In deze zaak heeft het gerechtshof 's-Hertogenbosch op 3 januari 2020 uitspraak gedaan in hoger beroep tegen een vonnis van de politierechter in de rechtbank Oost-Brabant. De verdachte was eerder veroordeeld voor bedreiging met brandstichting en had een voorwaardelijke gevangenisstraf van 1 week opgelegd gekregen. De verdachte heeft hoger beroep ingesteld tegen dit vonnis. Tijdens de zitting heeft de advocaat-generaal gevorderd dat het hof het eerdere vonnis zou vernietigen en de verdachte opnieuw zou veroordelen tot een voorwaardelijke gevangenisstraf van 2 weken, met reclasseringstoezicht. De verdediging heeft vrijspraak bepleit en in het geval van een veroordeling verzocht om een grotendeels voorwaardelijke straf.

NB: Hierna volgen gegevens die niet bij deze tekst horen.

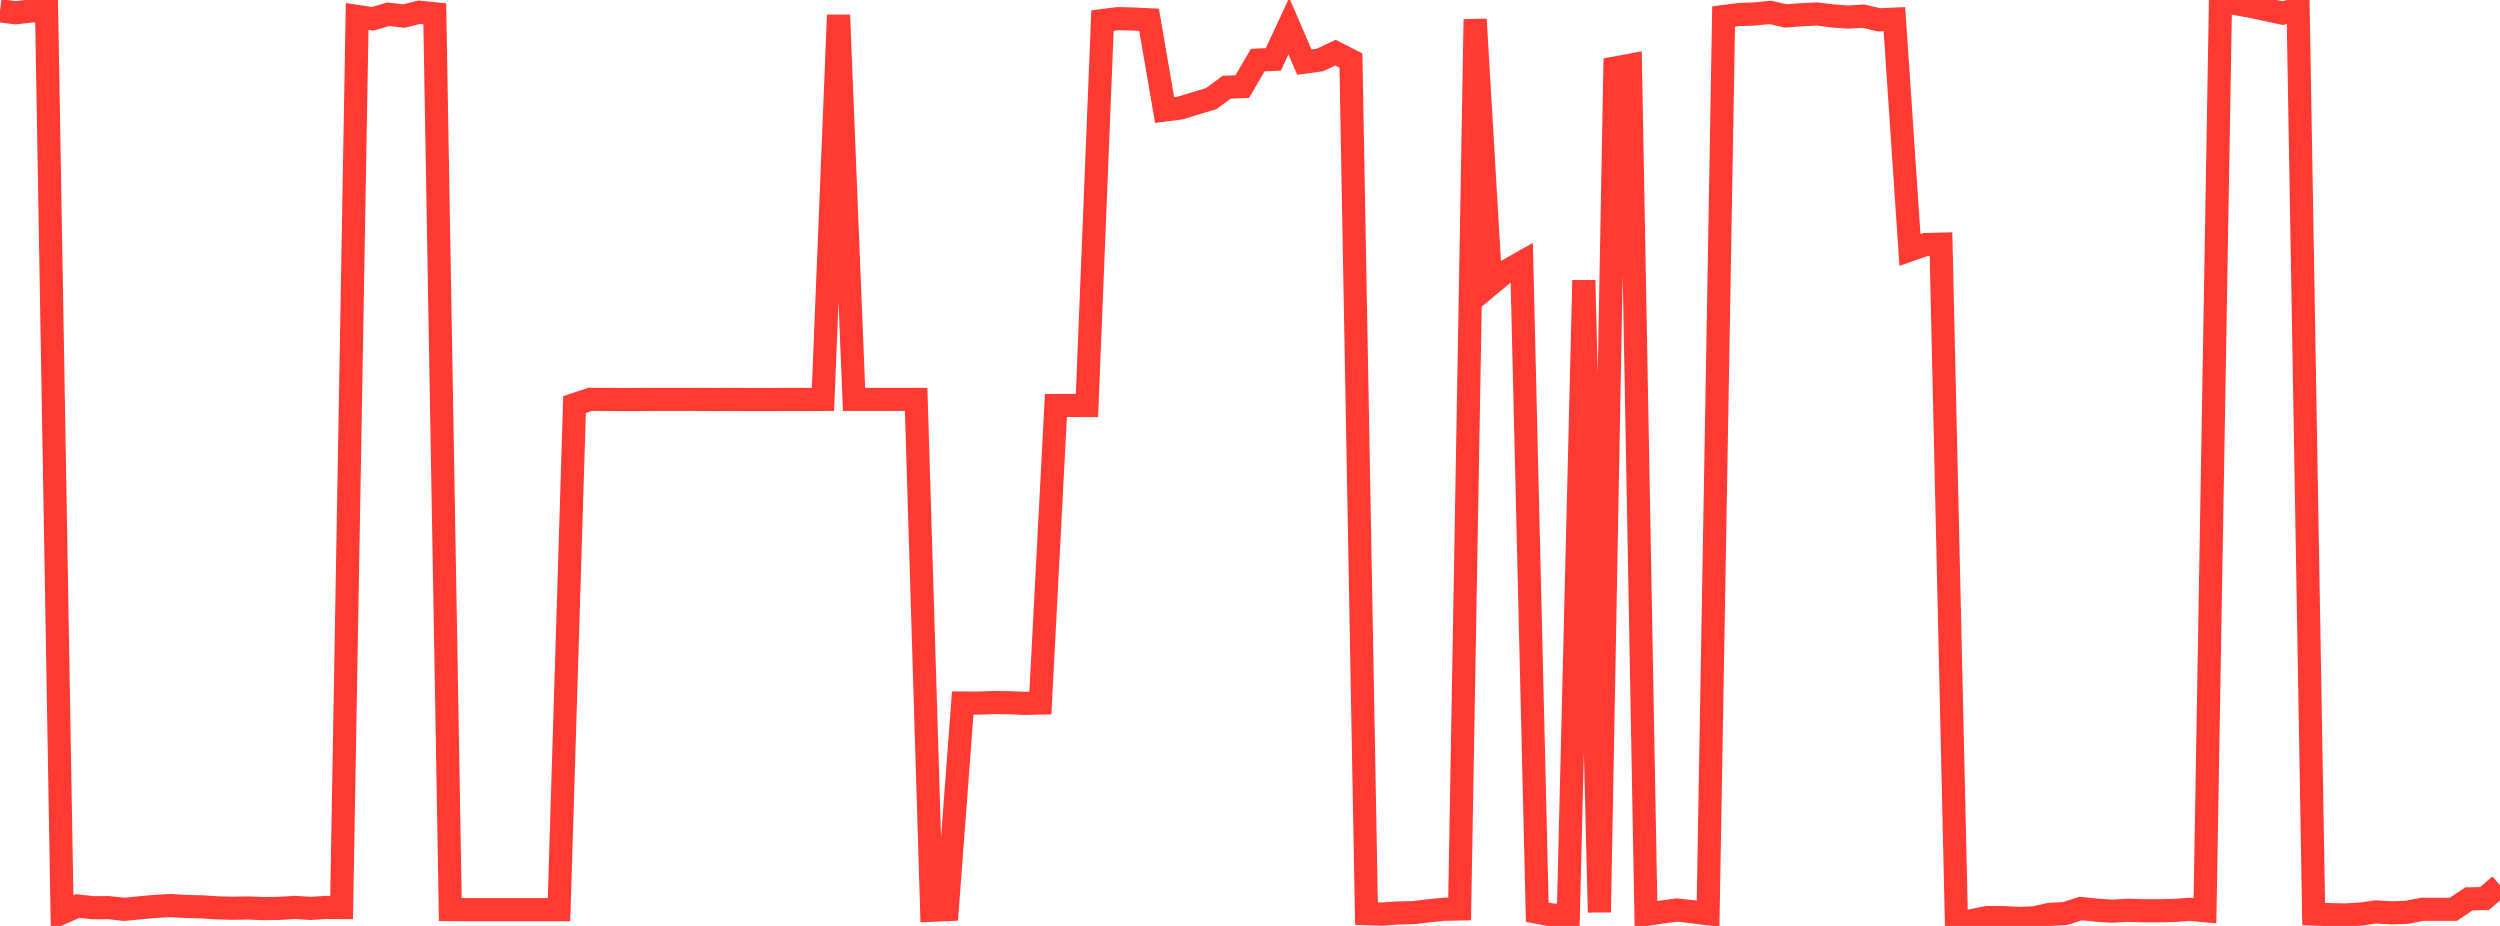 <?xml version="1.0" standalone="no"?>
<!DOCTYPE svg PUBLIC "-//W3C//DTD SVG 1.1//EN" "http://www.w3.org/Graphics/SVG/1.1/DTD/svg11.dtd">

<svg width="135" height="50" viewBox="0 0 135 50" preserveAspectRatio="none" 
  xmlns="http://www.w3.org/2000/svg"
  xmlns:xlink="http://www.w3.org/1999/xlink">


<polyline points="0.0, 0.586 0.839, 0.69 1.677, 0.593 2.516, 0.569 3.354, 49.292 4.193, 48.924 5.031, 49.017 5.87, 49.012 6.708, 49.106 7.547, 49.022 8.385, 48.945 9.224, 48.899 10.062, 48.95 10.901, 48.969 11.739, 49.024 12.578, 49.046 13.416, 49.032 14.255, 49.065 15.093, 49.052 15.932, 49.001 16.77, 49.055 17.609, 49.001 18.447, 49.007 19.286, 0.888 20.124, 1.017 20.963, 0.769 21.801, 0.868 22.64, 0.659 23.478, 0.745 24.317, 49.116 25.155, 49.123 25.994, 49.123 26.832, 49.123 27.671, 49.123 28.509, 49.123 29.348, 49.123 30.186, 49.123 31.025, 21.848 31.863, 21.567 32.702, 21.567 33.54, 21.572 34.379, 21.572 35.217, 21.566 36.056, 21.566 36.894, 21.567 37.733, 21.567 38.571, 21.572 39.41, 21.566 40.248, 21.572 41.087, 21.572 41.925, 21.572 42.764, 21.567 43.602, 21.572 44.441, 21.567 45.28, 0.809 46.118, 21.566 46.957, 21.567 47.795, 21.567 48.634, 21.567 49.472, 21.567 50.311, 49.155 51.149, 49.118 51.988, 37.962 52.826, 37.965 53.665, 37.938 54.503, 37.947 55.342, 37.982 56.18, 37.964 57.019, 21.898 57.857, 21.893 58.696, 21.898 59.534, 1.113 60.373, 1.004 61.211, 1.029 62.05, 1.069 62.888, 5.942 63.727, 5.832 64.565, 5.577 65.404, 5.326 66.242, 4.709 67.081, 4.678 67.919, 3.245 68.758, 3.209 69.596, 1.411 70.435, 3.354 71.273, 3.24 72.112, 2.845 72.95, 3.269 73.789, 49.335 74.627, 49.36 75.466, 49.302 76.304, 49.284 77.143, 49.184 77.981, 49.101 78.82, 49.083 79.658, 1.044 80.497, 15.342 81.335, 14.647 82.174, 14.173 83.012, 49.26 83.851, 49.417 84.689, 49.451 85.528, 15.136 86.366, 49.264 87.205, 3.674 88.043, 3.519 88.882, 49.38 89.72, 49.254 90.559, 49.141 91.398, 49.236 92.236, 49.338 93.075, 0.892 93.913, 0.784 94.752, 0.755 95.59, 0.67 96.429, 0.862 97.267, 0.797 98.106, 0.755 98.944, 0.858 99.783, 0.922 100.621, 0.87 101.46, 1.07 102.298, 1.034 103.137, 13.497 103.975, 13.204 104.814, 13.184 105.652, 50.0 106.491, 49.709 107.329, 49.548 108.168, 49.552 109.006, 49.596 109.845, 49.565 110.683, 49.377 111.522, 49.33 112.36, 49.06 113.199, 49.147 114.037, 49.203 114.876, 49.158 115.714, 49.18 116.553, 49.182 117.391, 49.165 118.23, 49.104 119.068, 49.178 119.907, 0.0 120.745, 0.196 121.584, 0.348 122.422, 0.528 123.261, 0.709 124.099, 0.49 124.938, 49.356 125.776, 49.39 126.615, 49.406 127.453, 49.365 128.292, 49.243 129.13, 49.293 129.969, 49.266 130.807, 49.101 131.646, 49.101 132.484, 49.101 133.323, 48.539 134.161, 48.523 135.0, 47.805" fill="none" stroke="#ff3a33" stroke-width="1.25"/>

</svg>

Het hof heeft het beroep van de verdachte verworpen en geoordeeld dat de bedreiging wettig en overtuigend bewezen was. De verdachte had op verschillende momenten en via verschillende media bedreigende uitspraken gedaan richting het slachtoffer, wat leidde tot een redelijke vrees bij het slachtoffer dat de bedreiging ten uitvoer zou worden gelegd. Het hof heeft vastgesteld dat er geen sprake was van psychische overmacht, zoals door de verdediging werd aangevoerd. De verdachte had de keuze om zijn ongenoegen op een andere manier te uiten.
Uiteindelijk heeft het hof het vonnis van de politierechter vernietigd en de verdachte veroordeeld tot een voorwaardelijke gevangenisstraf van 1 week, met een proeftijd van 2 jaren. De beslissing is gebaseerd op de artikelen 14a, 14b, 14c, 63 en 285 van het Wetboek van Strafrecht. Het hof heeft geoordeeld dat de opgelegde straf recht doet aan de ernst van het bewezen verklaarde en dient ter voorkoming van nieuwe strafbare feiten.